RAID Scaling Charts, Part 1

RAID Modes Explained

It’s very easy to create a high speed RAID array that provides both high I/O performance and fantastic throughput: all you need is a stripe set with as many hard drives as you want, or as many as your controller can support. Motherboards have four to six SATA ports with basic RAID support, while professional RAID controllers are available with 8, 12, 16 or even 24 ports. However, bear in mind that a RAID 0 array will lose all of its data if even one of its member hard drives fails, so make sure that it is for temporary use and not permanent storage.

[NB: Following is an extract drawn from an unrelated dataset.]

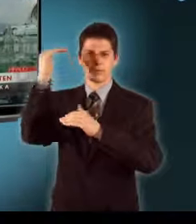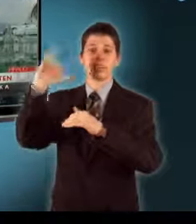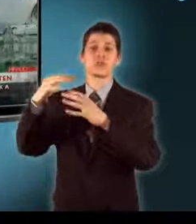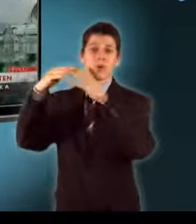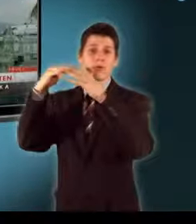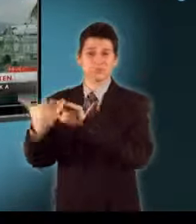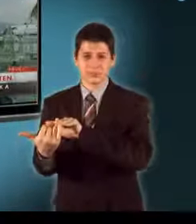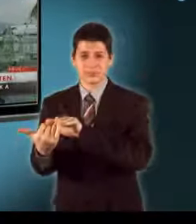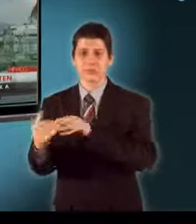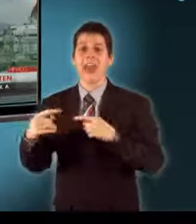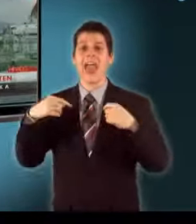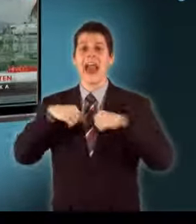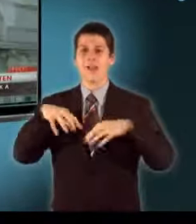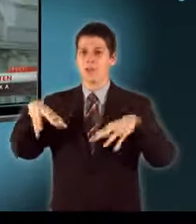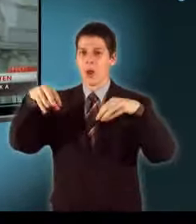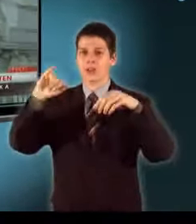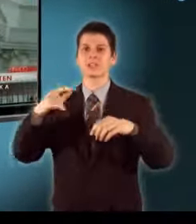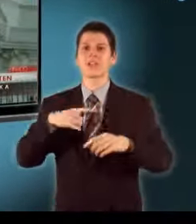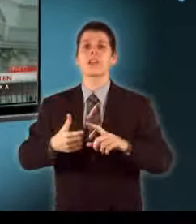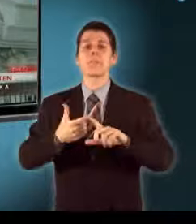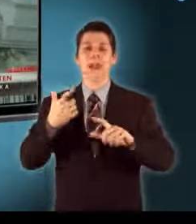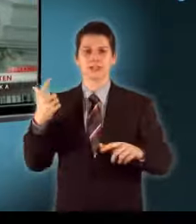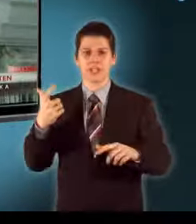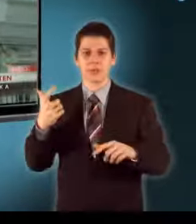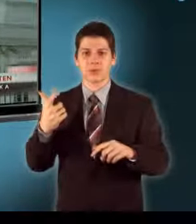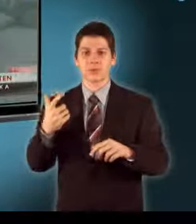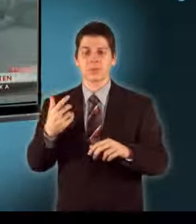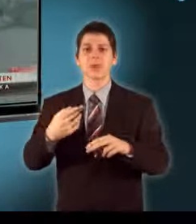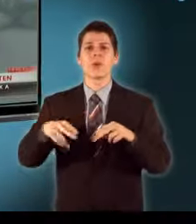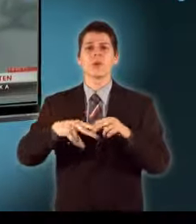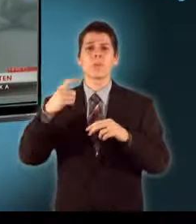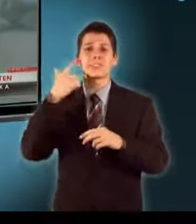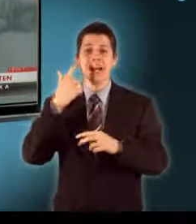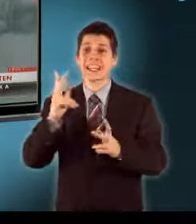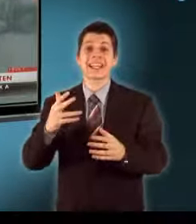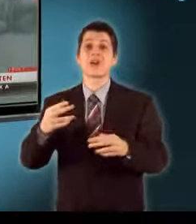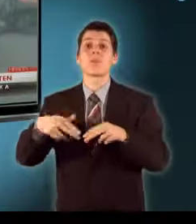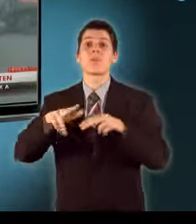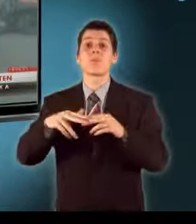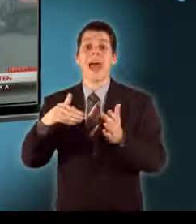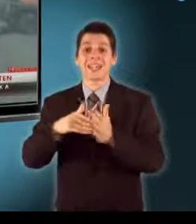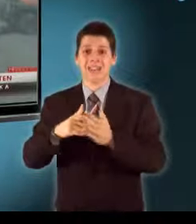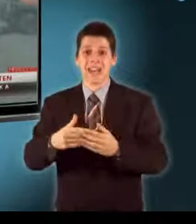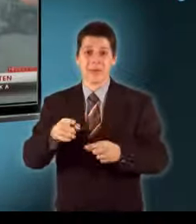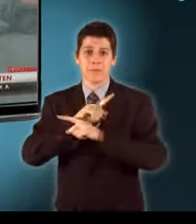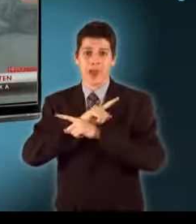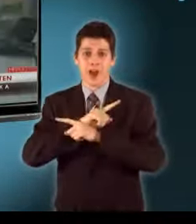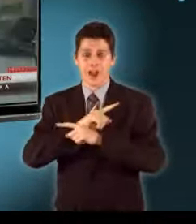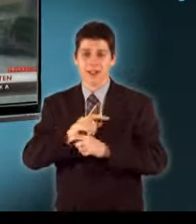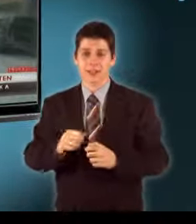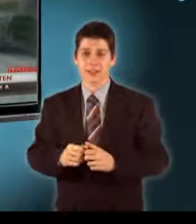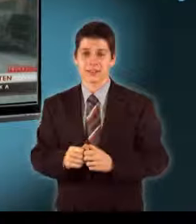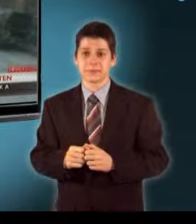épülete is összeomlott, és az elnöki palota is megsérült Százak, talán ezrek halhattak meg, vagy lehetnek a romok alatt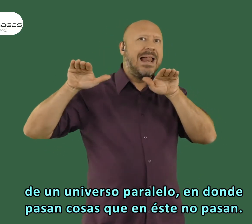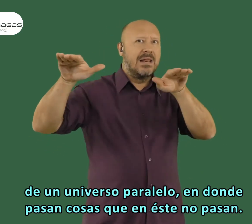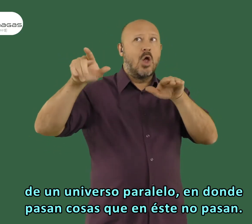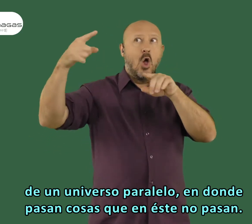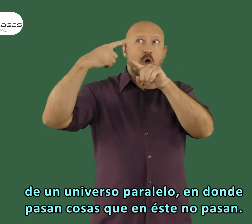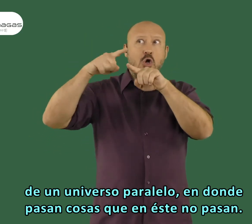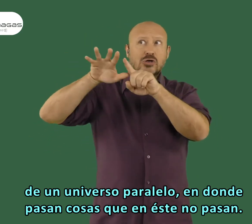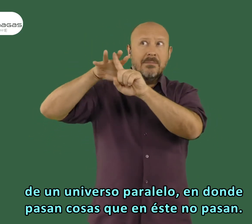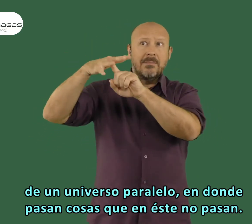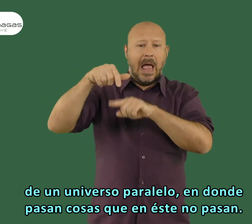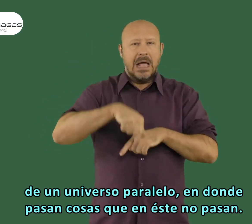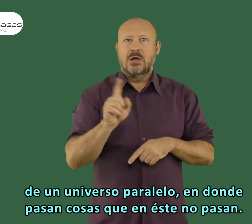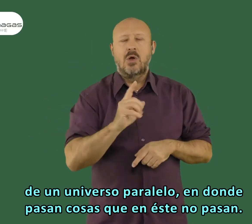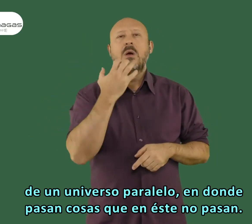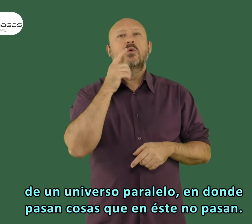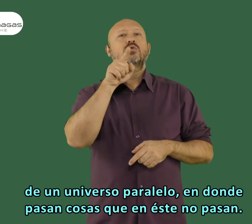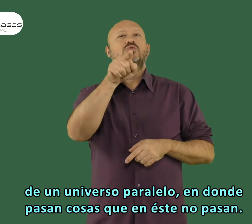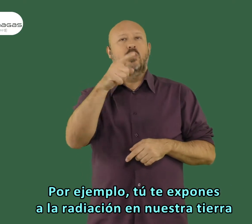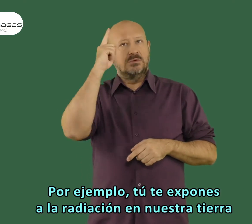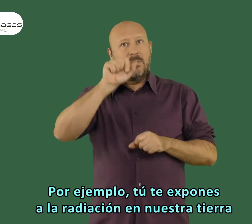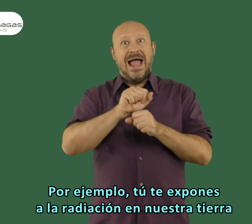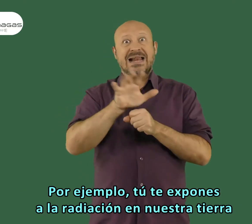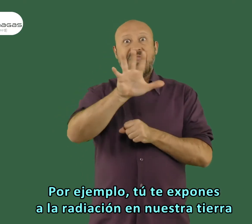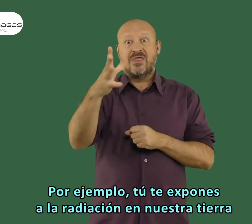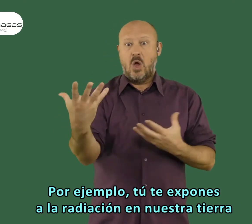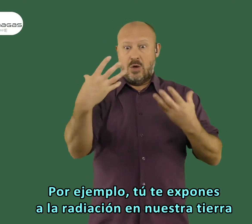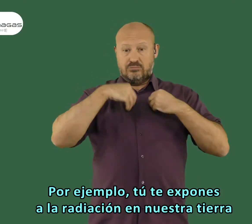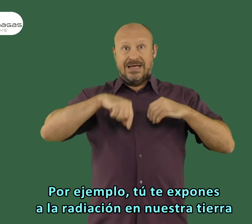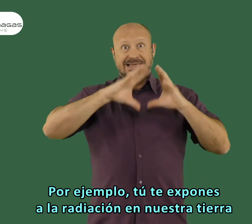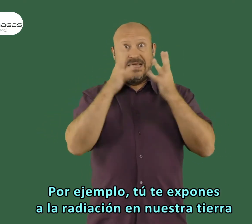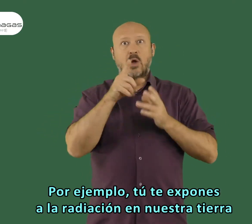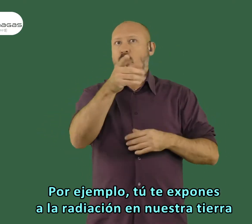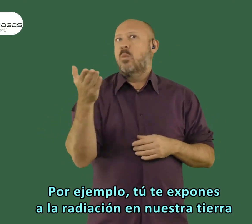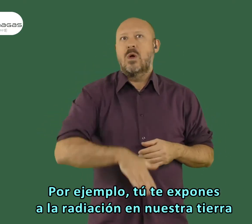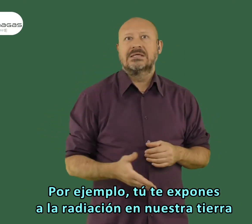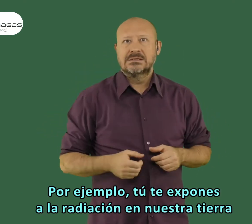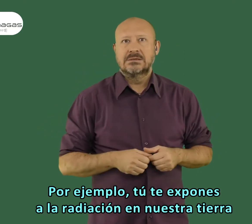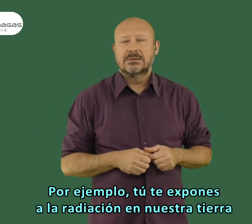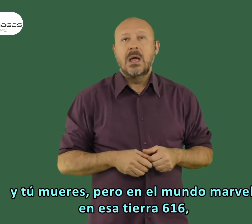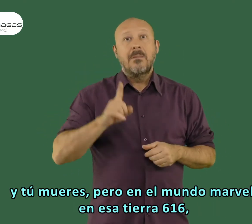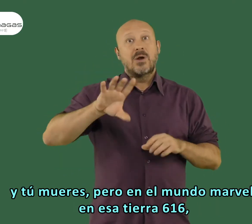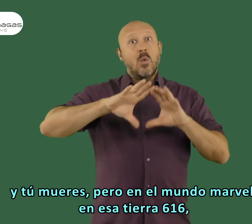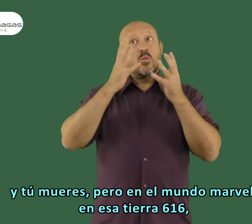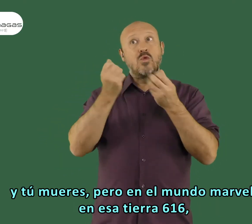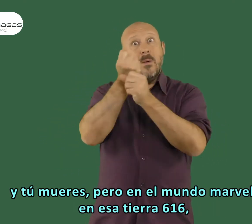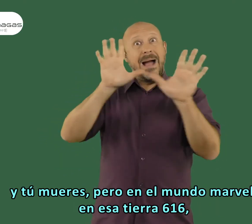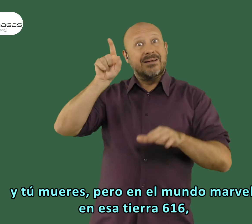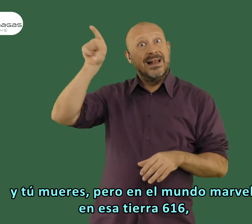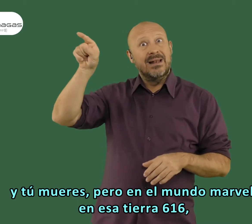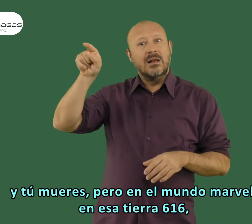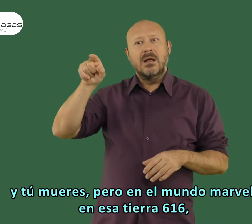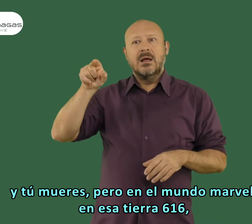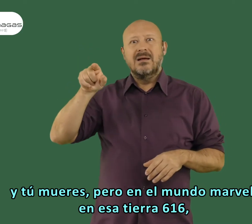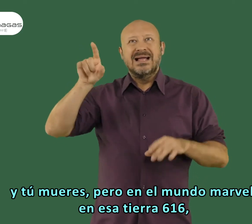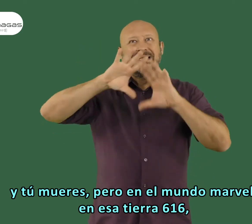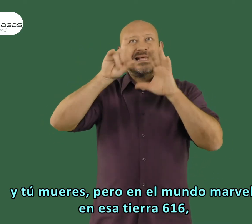paralelo en donde pasan cosas que en este no pasan. Por ejemplo, tú te expones a la radiación en nuestra Tierra y tú mueres. Pero en el

The common approach to achieve both high performance and data safety is either RAID 0+1, which is a mirrored stripe set of two or more drives, or RAID 5. The latter distributes data across all but one drive; the controller then calculates parity redundancy information for the entire stripe set, and stores it on the remaining drive. To avoid this drive becoming a bottleneck, the parity information is cycled across the drives as well. (If this were not the case, we’d be using a RAID 3 array.) In this article we will stick to looking at RAID 0, RAID 1 and RAID 0+1.

RAID 0: Striping (High Performance)

A, B and C are different blocks of a file. In a RAID 0 stripe set, the controller will cycle blocks of selectable size (typically 8-32 kB) across all available RAID 0 hard drives. This helps to accelerate both read and write performance, but a RAID 0 is susceptible to drive defects. RAID 0 works with two or more hard drives.